● **Action item**: Wherever "rule" appears in a line of the listing, that line should be returned.

● **Data supplied**:

..............................

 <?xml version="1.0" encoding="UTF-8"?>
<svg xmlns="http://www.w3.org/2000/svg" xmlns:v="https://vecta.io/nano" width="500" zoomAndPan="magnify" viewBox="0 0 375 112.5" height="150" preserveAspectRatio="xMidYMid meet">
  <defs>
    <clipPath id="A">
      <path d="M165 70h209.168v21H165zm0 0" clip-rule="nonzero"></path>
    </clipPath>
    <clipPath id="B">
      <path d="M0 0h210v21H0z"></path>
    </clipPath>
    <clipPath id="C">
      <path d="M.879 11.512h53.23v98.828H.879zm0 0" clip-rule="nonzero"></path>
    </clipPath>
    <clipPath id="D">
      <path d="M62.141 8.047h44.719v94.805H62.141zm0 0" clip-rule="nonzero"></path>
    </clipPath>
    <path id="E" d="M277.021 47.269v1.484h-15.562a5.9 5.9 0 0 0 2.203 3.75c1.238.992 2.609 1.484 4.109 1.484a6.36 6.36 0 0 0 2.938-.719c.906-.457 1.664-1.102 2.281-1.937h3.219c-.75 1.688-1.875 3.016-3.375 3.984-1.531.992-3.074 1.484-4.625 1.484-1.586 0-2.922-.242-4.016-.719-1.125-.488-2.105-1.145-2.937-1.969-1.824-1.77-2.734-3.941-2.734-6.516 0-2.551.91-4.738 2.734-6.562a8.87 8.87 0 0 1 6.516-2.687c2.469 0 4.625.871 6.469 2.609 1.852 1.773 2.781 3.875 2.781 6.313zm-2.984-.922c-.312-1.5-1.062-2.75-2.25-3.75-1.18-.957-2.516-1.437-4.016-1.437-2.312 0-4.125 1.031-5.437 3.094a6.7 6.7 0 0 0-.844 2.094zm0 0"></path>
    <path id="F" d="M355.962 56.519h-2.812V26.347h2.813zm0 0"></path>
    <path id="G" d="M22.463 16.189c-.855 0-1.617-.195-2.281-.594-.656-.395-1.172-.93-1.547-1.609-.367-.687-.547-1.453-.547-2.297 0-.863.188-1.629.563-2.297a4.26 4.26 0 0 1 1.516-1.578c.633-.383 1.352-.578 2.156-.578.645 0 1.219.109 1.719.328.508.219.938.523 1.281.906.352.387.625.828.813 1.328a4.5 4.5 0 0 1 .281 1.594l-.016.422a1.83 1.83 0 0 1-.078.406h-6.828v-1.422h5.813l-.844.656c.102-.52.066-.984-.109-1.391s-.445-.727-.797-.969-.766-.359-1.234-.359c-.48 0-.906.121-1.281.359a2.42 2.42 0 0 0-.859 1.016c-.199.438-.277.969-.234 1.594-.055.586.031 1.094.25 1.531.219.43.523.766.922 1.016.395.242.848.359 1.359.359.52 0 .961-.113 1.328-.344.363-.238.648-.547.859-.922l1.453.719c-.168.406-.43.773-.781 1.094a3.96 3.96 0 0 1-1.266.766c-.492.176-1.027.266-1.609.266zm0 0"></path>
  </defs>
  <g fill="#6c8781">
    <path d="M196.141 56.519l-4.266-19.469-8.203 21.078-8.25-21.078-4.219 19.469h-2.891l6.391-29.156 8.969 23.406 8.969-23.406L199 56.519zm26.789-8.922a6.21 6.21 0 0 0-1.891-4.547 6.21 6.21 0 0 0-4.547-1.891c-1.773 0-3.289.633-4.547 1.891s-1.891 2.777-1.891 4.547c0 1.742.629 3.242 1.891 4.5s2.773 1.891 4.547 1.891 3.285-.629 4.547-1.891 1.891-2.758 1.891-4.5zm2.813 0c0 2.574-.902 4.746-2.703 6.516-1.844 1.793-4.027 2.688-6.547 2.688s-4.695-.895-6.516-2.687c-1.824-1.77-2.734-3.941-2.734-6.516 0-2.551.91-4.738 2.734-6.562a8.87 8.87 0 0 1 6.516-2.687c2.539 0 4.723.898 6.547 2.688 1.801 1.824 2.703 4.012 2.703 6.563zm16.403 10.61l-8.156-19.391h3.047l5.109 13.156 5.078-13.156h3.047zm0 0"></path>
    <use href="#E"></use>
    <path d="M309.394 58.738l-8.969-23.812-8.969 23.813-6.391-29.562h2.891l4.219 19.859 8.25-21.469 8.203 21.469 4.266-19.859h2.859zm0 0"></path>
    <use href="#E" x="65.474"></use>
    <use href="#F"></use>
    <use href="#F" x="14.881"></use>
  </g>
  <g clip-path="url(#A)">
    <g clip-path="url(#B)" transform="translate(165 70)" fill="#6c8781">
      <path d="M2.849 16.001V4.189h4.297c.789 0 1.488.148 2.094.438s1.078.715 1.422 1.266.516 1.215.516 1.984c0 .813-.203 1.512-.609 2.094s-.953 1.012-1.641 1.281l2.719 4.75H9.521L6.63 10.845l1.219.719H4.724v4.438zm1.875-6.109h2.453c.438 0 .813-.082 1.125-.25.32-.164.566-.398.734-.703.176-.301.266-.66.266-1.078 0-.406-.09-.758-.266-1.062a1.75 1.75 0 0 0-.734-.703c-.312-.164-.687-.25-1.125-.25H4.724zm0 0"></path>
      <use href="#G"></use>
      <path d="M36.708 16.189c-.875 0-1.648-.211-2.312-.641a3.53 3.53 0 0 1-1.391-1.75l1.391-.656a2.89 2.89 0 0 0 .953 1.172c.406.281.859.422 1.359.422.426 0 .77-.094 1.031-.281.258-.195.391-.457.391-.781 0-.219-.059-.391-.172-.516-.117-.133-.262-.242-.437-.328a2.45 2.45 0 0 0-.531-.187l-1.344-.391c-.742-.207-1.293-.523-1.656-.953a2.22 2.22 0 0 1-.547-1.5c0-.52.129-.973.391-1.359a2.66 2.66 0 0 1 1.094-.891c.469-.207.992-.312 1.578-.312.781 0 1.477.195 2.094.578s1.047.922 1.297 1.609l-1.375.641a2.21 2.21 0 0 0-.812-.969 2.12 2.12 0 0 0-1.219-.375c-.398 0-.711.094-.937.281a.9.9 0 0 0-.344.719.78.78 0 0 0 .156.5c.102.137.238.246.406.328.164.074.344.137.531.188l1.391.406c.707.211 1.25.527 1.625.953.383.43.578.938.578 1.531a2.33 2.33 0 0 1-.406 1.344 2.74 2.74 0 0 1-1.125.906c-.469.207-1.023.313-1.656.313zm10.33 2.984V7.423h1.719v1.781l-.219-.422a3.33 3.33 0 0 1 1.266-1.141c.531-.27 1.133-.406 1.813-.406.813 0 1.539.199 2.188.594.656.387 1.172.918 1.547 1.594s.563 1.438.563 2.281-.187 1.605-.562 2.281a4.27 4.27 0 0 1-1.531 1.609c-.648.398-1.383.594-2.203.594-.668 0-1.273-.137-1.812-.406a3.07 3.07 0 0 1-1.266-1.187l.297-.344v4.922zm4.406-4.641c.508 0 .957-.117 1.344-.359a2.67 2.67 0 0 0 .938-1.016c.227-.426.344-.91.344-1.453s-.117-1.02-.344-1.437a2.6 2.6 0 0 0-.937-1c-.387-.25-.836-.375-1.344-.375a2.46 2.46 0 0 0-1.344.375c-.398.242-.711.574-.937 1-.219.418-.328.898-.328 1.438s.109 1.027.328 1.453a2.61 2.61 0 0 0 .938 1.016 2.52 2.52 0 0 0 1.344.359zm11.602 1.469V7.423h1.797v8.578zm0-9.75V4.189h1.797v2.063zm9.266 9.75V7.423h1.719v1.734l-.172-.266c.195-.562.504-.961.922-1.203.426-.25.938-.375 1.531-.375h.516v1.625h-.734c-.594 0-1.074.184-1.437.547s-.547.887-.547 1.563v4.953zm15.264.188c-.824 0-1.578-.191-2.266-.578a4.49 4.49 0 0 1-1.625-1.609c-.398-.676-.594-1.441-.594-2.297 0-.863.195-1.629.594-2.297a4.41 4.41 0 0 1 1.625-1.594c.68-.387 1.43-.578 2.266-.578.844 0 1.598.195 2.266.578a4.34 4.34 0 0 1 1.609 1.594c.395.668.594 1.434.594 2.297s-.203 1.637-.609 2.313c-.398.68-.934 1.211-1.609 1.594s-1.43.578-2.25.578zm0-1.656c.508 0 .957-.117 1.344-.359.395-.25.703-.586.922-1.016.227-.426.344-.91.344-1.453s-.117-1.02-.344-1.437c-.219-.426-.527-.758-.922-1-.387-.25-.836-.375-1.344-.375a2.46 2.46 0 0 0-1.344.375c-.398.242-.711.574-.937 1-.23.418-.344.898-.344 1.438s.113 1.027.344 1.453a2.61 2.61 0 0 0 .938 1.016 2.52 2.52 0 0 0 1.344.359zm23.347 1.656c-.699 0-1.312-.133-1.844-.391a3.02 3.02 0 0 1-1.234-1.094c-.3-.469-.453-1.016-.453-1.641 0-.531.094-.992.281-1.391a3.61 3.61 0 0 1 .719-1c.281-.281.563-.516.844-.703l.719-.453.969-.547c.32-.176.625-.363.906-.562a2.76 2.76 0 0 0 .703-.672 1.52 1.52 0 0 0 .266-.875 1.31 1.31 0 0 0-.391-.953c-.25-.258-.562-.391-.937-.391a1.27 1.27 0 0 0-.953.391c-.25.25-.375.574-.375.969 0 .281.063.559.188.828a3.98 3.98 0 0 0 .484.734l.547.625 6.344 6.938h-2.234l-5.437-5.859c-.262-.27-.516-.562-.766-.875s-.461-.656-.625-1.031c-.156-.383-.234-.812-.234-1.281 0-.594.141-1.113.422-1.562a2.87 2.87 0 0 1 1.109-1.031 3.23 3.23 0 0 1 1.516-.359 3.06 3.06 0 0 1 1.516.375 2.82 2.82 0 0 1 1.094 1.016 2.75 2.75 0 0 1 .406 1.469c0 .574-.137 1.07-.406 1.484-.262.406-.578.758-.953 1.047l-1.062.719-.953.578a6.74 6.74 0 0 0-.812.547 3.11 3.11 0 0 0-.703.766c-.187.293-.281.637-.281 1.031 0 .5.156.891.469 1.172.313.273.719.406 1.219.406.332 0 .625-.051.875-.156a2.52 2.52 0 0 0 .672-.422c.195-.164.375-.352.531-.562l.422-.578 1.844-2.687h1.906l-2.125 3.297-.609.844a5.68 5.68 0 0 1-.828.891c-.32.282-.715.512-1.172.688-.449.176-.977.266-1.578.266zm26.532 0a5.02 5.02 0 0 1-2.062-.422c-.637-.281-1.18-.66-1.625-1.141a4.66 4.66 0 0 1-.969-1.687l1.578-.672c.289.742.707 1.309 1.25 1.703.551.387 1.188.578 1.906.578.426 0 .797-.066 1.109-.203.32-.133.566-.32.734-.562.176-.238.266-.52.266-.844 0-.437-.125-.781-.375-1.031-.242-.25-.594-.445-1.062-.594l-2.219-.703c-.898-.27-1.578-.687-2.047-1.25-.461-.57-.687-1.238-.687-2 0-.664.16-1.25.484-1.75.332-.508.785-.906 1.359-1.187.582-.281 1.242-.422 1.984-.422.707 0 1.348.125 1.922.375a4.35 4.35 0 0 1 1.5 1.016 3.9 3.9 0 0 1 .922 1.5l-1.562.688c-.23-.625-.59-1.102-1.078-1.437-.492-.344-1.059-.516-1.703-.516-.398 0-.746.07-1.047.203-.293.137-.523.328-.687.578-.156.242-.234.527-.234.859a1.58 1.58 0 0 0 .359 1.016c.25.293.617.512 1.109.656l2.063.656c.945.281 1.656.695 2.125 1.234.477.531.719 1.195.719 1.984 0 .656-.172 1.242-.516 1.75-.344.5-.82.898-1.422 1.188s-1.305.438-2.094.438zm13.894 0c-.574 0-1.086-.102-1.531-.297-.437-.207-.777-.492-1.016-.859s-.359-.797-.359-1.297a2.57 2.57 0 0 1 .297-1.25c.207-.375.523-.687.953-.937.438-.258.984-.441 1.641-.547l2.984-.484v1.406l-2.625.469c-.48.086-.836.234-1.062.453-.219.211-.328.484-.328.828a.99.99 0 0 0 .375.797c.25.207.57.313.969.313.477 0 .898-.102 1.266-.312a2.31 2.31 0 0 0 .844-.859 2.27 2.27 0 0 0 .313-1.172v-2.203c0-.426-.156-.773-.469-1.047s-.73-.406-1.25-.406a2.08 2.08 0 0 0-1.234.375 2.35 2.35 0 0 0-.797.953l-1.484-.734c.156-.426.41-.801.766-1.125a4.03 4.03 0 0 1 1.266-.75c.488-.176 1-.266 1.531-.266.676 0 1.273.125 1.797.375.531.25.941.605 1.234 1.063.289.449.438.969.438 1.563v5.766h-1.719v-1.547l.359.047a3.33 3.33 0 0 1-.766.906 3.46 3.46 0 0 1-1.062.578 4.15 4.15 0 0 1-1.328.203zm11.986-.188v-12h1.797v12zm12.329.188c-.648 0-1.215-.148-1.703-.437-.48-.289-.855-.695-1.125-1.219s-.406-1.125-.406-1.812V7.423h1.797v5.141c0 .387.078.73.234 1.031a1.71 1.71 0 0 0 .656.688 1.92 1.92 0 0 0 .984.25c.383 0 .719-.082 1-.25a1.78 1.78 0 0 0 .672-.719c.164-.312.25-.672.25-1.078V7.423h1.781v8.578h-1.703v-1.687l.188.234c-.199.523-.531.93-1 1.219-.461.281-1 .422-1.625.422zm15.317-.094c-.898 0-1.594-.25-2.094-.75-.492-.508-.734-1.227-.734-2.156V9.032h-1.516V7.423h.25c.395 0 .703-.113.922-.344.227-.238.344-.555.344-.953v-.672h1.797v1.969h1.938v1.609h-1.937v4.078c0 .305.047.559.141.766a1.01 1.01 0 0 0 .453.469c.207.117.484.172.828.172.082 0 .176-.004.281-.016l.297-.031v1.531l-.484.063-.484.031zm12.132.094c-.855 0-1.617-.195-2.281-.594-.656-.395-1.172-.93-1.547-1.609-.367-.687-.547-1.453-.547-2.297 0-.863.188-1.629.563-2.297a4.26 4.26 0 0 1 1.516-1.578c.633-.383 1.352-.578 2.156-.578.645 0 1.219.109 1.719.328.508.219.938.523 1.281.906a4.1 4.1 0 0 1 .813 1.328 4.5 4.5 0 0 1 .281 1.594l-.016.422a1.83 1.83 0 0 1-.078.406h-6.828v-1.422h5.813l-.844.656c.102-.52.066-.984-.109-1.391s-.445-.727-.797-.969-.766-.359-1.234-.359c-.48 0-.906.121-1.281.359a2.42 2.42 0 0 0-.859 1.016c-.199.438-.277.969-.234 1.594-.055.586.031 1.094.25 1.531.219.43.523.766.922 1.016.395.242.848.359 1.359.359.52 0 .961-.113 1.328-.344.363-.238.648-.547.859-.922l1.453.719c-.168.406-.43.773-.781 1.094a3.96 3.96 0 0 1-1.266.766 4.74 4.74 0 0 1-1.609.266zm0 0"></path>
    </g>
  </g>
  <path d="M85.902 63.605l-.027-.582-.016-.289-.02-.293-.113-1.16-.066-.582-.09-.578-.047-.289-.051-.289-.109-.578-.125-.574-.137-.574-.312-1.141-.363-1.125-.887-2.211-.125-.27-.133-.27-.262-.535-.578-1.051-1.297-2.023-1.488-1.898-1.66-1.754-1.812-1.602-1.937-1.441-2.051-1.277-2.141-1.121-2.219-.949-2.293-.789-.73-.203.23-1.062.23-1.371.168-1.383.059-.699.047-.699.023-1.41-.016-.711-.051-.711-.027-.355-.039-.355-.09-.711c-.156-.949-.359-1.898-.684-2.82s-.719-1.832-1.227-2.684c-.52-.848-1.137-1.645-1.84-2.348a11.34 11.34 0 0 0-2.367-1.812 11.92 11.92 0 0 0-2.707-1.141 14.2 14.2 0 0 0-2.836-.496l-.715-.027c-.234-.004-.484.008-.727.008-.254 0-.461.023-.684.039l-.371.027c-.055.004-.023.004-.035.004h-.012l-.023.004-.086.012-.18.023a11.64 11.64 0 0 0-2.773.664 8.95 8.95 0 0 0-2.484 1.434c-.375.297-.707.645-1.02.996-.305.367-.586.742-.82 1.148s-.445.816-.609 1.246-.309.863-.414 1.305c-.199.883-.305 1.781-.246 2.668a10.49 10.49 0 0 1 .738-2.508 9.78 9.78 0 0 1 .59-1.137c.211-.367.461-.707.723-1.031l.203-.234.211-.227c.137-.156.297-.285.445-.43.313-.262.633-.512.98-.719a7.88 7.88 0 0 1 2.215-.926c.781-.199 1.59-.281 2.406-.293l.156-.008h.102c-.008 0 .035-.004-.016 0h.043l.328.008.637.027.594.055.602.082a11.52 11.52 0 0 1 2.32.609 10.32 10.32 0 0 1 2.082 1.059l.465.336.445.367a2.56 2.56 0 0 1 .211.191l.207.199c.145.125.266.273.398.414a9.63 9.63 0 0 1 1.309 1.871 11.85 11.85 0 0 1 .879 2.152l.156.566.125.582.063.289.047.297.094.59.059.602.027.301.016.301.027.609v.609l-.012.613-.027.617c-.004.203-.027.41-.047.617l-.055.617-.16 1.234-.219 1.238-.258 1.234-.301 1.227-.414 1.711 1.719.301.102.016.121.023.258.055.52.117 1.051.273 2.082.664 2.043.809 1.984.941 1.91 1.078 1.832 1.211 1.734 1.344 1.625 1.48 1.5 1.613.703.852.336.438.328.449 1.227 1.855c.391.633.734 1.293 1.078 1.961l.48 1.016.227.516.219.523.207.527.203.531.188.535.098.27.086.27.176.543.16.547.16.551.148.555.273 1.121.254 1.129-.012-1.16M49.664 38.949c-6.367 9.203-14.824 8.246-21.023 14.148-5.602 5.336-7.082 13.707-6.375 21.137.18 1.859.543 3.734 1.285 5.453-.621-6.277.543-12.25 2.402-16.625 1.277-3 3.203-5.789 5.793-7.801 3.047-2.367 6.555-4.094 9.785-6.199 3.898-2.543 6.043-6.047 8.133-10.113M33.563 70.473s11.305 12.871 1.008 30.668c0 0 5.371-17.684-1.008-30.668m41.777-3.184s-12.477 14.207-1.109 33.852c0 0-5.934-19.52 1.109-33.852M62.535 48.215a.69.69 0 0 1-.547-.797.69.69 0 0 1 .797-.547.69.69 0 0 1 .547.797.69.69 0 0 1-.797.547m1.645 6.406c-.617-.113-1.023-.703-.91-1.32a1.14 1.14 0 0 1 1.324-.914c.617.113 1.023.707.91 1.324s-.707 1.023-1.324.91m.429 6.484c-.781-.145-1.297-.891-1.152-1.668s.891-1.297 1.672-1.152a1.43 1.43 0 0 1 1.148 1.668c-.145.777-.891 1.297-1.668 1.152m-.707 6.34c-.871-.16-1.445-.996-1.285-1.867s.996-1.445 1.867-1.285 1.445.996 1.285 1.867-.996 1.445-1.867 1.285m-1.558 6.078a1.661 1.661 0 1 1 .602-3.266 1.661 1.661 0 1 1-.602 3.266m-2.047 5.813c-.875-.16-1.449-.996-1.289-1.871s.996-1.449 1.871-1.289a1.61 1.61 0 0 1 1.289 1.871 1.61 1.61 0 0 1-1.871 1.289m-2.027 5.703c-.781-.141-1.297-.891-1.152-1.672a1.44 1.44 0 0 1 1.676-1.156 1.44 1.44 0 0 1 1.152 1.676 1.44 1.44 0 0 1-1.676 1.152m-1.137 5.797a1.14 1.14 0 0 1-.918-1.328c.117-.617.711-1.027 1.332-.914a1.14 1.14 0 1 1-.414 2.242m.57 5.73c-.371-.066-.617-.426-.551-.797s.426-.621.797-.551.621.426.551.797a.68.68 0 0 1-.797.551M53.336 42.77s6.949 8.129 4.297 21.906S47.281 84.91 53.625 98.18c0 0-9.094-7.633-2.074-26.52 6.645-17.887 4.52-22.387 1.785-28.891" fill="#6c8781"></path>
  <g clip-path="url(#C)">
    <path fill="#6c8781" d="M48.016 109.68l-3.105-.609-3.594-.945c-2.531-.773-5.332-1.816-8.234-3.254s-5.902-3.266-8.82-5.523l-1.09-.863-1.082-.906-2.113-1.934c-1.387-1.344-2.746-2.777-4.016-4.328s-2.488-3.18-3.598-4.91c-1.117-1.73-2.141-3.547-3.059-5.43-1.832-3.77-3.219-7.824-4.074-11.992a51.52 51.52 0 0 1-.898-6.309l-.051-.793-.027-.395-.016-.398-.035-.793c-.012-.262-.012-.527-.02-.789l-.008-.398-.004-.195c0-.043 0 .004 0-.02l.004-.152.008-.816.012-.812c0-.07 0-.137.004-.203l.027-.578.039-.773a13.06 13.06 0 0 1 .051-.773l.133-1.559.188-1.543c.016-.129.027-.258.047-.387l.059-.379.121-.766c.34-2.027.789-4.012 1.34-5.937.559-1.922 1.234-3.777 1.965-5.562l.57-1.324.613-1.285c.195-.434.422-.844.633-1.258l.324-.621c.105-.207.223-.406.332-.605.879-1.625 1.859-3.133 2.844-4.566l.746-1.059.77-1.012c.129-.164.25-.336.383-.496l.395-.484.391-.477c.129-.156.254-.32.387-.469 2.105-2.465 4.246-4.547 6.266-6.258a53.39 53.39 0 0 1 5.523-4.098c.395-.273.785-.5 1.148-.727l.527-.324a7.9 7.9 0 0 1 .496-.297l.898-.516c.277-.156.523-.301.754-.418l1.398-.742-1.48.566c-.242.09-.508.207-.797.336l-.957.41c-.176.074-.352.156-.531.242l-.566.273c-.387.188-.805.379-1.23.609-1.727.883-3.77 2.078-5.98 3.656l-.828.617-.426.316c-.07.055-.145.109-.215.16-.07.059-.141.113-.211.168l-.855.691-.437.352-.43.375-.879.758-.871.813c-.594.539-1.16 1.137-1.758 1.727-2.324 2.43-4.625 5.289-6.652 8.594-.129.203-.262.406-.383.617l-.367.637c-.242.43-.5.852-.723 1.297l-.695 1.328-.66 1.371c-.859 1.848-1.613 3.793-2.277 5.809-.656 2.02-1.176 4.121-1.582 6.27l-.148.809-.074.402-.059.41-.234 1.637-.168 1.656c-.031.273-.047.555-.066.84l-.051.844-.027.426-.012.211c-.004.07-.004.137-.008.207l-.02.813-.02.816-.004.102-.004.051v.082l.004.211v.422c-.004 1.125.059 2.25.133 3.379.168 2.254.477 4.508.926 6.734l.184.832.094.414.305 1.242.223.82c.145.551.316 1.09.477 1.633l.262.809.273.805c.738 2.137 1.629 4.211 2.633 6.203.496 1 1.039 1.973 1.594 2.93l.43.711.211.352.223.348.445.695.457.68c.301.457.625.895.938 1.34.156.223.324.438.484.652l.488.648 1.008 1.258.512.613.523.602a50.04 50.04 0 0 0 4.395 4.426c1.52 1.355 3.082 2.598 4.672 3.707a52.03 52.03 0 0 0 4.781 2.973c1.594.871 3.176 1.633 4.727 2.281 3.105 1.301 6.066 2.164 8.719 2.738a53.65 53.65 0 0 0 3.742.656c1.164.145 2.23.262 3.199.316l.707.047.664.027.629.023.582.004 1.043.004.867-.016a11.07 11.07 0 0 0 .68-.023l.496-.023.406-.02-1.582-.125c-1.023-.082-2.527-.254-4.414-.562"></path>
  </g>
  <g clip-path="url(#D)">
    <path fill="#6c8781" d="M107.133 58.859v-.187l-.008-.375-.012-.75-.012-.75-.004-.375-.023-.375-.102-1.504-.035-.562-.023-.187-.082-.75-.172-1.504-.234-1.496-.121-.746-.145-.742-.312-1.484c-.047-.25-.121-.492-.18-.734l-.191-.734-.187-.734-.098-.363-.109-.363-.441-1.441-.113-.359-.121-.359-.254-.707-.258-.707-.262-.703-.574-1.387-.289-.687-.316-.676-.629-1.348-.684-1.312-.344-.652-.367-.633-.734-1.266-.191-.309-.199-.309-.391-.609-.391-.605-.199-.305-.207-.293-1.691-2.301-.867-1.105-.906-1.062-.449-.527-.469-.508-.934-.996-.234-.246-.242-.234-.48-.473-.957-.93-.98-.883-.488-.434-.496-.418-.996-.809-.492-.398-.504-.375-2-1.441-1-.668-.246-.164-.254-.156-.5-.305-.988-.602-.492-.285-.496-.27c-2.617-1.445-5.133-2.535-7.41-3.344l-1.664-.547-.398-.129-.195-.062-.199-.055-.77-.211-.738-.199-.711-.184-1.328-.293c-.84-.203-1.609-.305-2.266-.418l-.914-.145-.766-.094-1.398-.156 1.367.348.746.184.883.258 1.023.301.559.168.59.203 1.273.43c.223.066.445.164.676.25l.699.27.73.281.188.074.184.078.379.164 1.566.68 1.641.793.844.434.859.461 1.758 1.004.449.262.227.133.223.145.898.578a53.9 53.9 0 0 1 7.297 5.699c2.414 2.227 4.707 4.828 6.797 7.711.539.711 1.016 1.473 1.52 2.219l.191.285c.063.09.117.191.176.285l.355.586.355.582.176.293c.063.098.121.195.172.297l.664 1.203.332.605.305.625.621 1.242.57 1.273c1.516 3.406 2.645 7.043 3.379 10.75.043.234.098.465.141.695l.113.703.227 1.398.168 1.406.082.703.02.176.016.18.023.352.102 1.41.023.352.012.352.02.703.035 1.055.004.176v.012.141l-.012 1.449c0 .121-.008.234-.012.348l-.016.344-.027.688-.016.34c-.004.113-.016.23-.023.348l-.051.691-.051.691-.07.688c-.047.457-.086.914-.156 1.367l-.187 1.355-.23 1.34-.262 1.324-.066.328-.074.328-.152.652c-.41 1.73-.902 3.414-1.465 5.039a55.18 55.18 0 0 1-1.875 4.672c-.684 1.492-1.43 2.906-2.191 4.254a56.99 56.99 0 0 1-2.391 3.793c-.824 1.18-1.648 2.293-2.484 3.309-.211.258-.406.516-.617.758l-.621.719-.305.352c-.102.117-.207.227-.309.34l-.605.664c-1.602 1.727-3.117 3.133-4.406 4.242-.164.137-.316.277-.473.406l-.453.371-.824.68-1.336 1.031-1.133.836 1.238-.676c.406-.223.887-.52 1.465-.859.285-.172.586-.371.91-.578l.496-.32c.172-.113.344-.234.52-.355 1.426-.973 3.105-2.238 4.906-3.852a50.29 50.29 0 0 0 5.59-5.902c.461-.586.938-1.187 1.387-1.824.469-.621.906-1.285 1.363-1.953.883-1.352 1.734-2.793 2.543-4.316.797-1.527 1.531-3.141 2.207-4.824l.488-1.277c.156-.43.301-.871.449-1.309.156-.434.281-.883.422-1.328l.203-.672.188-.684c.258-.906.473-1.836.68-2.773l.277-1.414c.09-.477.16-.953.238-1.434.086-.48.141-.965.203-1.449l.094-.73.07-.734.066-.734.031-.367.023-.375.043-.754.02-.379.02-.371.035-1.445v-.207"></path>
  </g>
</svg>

..............................

● **Response area**:
      <path d="M165 70h209.168v21H165zm0 0" clip-rule="nonzero"></path>
      <path d="M.879 11.512h53.23v98.828H.879zm0 0" clip-rule="nonzero"></path>
      <path d="M62.141 8.047h44.719v94.805H62.141zm0 0" clip-rule="nonzero"></path>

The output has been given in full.